身上覆着一层薄薄的肌肉,肌肉被汗渍打的微微湿润。
“别,这样。”
男人的声音越发暗哑。
他几乎是用尽全身力气,强迫自己起身抽离,微微喘了一口气。
邹尘盯着少年脸庞,神色复杂,一滴汗珠从他下巴滑落,砸在白秋的脸上,他敛眸:“别这样……白秋少爷,您喝醉了。”
男人的神色落入眼底,白秋睫毛的微微颤抖。
“醒酒汤应该快到了。”
男人调整呼吸,起身理了理领口,少年并未有其他多余的动作,大约是方才折腾累了,如今看上去格外乖巧。

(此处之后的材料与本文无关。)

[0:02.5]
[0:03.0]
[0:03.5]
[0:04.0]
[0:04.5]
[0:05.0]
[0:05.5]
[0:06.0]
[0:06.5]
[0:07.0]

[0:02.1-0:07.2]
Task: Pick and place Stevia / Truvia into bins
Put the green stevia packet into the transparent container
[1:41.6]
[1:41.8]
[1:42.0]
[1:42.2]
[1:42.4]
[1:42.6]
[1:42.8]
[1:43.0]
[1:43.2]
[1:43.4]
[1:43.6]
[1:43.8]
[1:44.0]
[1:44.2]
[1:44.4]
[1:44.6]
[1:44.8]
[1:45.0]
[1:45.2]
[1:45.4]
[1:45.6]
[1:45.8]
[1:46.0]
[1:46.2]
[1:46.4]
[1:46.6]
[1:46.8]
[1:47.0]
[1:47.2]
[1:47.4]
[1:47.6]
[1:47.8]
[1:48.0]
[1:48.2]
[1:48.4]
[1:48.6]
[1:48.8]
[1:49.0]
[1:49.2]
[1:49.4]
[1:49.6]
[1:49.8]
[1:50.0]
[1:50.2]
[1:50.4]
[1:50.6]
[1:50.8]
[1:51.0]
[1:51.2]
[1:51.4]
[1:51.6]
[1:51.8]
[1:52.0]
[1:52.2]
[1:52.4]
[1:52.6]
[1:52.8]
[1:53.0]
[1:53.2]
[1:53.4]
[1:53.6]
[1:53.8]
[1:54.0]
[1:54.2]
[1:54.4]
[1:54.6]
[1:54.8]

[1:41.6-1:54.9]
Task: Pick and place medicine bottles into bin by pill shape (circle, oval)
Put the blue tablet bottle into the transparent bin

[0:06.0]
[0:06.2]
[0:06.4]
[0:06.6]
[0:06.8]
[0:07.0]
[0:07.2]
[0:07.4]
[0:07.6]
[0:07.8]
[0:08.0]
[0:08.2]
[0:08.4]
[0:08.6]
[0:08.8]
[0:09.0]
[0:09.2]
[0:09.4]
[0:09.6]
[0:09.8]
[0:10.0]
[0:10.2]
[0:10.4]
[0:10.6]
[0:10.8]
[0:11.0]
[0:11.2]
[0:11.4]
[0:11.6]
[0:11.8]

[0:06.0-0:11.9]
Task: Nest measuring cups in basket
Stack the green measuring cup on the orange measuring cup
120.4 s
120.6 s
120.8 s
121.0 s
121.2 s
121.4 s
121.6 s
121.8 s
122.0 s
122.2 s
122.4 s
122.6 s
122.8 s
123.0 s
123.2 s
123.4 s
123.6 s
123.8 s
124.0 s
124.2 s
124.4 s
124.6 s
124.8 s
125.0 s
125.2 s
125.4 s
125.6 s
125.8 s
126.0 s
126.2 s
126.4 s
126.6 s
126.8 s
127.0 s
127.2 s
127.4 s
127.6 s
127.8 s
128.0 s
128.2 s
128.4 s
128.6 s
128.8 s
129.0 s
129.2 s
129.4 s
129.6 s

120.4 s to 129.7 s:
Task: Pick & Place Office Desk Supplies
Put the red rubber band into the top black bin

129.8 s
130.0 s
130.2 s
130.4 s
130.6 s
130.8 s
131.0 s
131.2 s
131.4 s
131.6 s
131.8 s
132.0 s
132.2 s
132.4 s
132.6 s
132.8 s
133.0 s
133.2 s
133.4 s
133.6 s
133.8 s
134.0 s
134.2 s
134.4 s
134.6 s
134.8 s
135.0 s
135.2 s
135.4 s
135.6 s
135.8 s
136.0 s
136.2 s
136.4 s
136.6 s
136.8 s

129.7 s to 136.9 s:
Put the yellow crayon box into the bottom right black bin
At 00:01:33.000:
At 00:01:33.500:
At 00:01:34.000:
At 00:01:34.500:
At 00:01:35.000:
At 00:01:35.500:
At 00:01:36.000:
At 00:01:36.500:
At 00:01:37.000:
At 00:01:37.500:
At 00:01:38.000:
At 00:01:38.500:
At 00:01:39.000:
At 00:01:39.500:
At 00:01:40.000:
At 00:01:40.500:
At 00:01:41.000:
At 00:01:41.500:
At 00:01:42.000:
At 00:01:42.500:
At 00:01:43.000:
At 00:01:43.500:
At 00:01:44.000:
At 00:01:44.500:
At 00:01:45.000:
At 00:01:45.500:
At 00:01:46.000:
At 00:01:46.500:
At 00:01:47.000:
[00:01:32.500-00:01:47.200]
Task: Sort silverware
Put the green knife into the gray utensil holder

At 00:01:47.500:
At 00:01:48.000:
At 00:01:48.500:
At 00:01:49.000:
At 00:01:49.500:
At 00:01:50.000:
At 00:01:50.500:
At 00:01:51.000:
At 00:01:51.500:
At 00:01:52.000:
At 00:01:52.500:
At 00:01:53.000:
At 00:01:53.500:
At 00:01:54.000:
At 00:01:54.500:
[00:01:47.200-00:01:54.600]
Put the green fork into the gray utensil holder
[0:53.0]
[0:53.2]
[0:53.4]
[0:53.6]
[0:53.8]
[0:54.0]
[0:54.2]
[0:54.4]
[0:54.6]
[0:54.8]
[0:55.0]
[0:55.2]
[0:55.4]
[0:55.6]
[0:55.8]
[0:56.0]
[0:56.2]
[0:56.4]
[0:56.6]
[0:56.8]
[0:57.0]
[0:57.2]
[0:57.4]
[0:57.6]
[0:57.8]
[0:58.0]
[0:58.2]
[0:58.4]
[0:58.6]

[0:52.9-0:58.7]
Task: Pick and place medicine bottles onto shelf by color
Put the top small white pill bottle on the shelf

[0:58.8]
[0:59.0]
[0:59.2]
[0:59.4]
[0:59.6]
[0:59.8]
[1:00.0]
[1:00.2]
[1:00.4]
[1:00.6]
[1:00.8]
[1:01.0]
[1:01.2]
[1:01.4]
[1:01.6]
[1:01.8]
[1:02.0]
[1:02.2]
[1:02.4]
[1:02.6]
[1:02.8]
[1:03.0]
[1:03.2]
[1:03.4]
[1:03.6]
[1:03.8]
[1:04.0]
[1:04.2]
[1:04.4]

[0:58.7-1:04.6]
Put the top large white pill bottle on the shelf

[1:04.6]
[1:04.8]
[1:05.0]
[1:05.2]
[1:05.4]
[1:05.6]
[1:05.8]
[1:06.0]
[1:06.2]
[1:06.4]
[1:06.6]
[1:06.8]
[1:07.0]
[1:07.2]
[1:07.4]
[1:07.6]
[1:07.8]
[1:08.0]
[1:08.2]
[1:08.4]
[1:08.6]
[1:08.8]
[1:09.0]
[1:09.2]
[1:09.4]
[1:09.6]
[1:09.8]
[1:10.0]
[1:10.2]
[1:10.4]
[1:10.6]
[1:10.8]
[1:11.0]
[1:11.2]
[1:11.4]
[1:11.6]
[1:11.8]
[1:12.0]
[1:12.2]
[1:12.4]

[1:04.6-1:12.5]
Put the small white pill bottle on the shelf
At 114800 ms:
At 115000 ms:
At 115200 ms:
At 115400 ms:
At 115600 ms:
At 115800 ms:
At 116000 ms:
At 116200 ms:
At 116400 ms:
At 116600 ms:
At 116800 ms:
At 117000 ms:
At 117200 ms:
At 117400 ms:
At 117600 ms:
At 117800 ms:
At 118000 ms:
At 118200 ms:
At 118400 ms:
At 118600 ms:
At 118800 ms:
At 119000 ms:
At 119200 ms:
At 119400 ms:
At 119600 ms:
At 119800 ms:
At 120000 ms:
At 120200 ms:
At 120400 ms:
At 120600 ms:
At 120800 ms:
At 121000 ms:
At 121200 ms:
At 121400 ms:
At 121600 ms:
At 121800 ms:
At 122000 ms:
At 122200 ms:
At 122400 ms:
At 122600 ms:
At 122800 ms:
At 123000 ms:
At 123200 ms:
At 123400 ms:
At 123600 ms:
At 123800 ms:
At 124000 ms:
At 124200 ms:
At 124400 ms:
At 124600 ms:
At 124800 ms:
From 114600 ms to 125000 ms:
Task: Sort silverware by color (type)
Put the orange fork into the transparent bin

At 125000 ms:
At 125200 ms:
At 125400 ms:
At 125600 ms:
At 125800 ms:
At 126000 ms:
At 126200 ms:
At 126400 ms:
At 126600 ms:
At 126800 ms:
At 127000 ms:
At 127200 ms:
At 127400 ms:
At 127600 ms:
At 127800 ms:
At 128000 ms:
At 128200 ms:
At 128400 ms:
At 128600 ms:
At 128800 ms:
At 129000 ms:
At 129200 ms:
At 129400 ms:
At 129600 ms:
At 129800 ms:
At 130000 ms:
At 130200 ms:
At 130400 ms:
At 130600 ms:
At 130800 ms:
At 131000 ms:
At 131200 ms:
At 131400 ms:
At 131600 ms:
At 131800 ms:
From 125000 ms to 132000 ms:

邹尘身形挺拔,不急不慢的走出酒店房间,看上去依旧自若,淡然。
关上房门的瞬间。
男人有些狼狈的靠在墙上,他大脑有些胡乱,他试图整理纷杂的思绪,无果。他总是不由自主的想起少年柔软的唇。
邹尘有一瞬涌起纵容下去的心思。
只是一瞬。
白秋是清醒,还是无意识?
若是无意识,他只觉得自己的卑劣清晰可见。
若是有……
男人靠在墙上。
邹尘不清楚,他现在是什么心情。
他更不清楚的,是少年的心意。
就像是只会设定程序不停工作的机器人,缠上了名为喜欢的丝线。丝线杂乱无章的裹住全身,超出程序外的存在让他不知所措。
稍不留神,就会被丝线绊倒。
可他不知道怎么做。
才合适。
简单粗暴的扯下丝线,还是理清。
毫无意外,前者更加容易,简单。
但……那是机器人重复往返生活中。
第一次出现的色彩。
邹尘缓慢的吐出一口气,目光落在手腕的表盘。
已经过去五分钟了。
他脱下凌乱的西装搭在手臂,下楼,要了一碗醒酒汤,酒店的醒酒汤是姜汤,加了红糖仍然带着一股姜的涩味。
白秋很喜欢甜。
邹尘朝酒店前台要了两块奶糖,攥在手里,他拒绝前台小姐的好意,端着托盘上楼。
白秋看样子已经睡着了。
少年睡姿并不乖巧,四仰八叉,露出白嫩的双腿。
“……”
邹尘抿唇,别开目光。
怕白秋第二天醒来头疼。
他还是轻轻扶起少年,喊了一声,白秋迷迷糊糊的应了一声,乖巧的张嘴,男人握着汤勺,一点一滴的喂进少年嘴里。
白秋喝完,忍不住皱眉,委委屈屈道:“苦。”
邹尘犹豫着捏了捏兜里的糖。
人睡着了嘴里含着东西,很容易噎到。
他身上拍了拍少年的背,笨拙的安慰:“睡着了就不苦了。”
白秋:“……”
谢谢你。
邹尘小心翼翼的将少年双腿塞进被子里,掖好被角确认无误,目光不小心落在少见微微红肿的唇上,咳了一声才移开视线。
“少爷,我走了。”
白秋没有任何反应。
邹尘自顾自走到房门口,关灯,换鞋,推开门的瞬间他不受控的回头。
少年将被子过的严严实实,只露出毛绒绒的头。
邹尘有很多话想说。
但最终,他只是缓慢的吐出无数次出现在他想象之中,却从未说出过的两个字。
“晚安。”
晚安。
真陌生的词。
男人并未离去,他倚在酒店的走廊过道,目光落在房间号上,从兜里摸出一颗奶糖,剥开,甜腻的味道在嘴里化开。
邹尘绷紧的身体才略微放松下来。
这两个字,他想说很久了。
从第一次离开孤儿院被收养,到第一份工作,面容和蔼让他早些休息的老板。
可惜。
男人垂眸。
收养他的人想卖掉他。
他的老板想让他顶罪进牢。
邹尘静静站在走廊里,直到天亮破晓,才下楼替少年点了一份早餐,出门,打车。
司机是个看上去三十多岁,健谈的中年人。
他热情的询问:“去哪啊?”
邹尘报出地址。
司机从后视镜打量他,男人气质卓越,握着一件一看便价值不菲的西装,衬衫褶皱,面容略带疲惫,仍透露出贵气。
怎么也不像住在那种地方的人。
“您是去那找人吗?”
“不是。”
邹尘低头,淡淡道:“回‘家’。”
如果那里能称为家的话。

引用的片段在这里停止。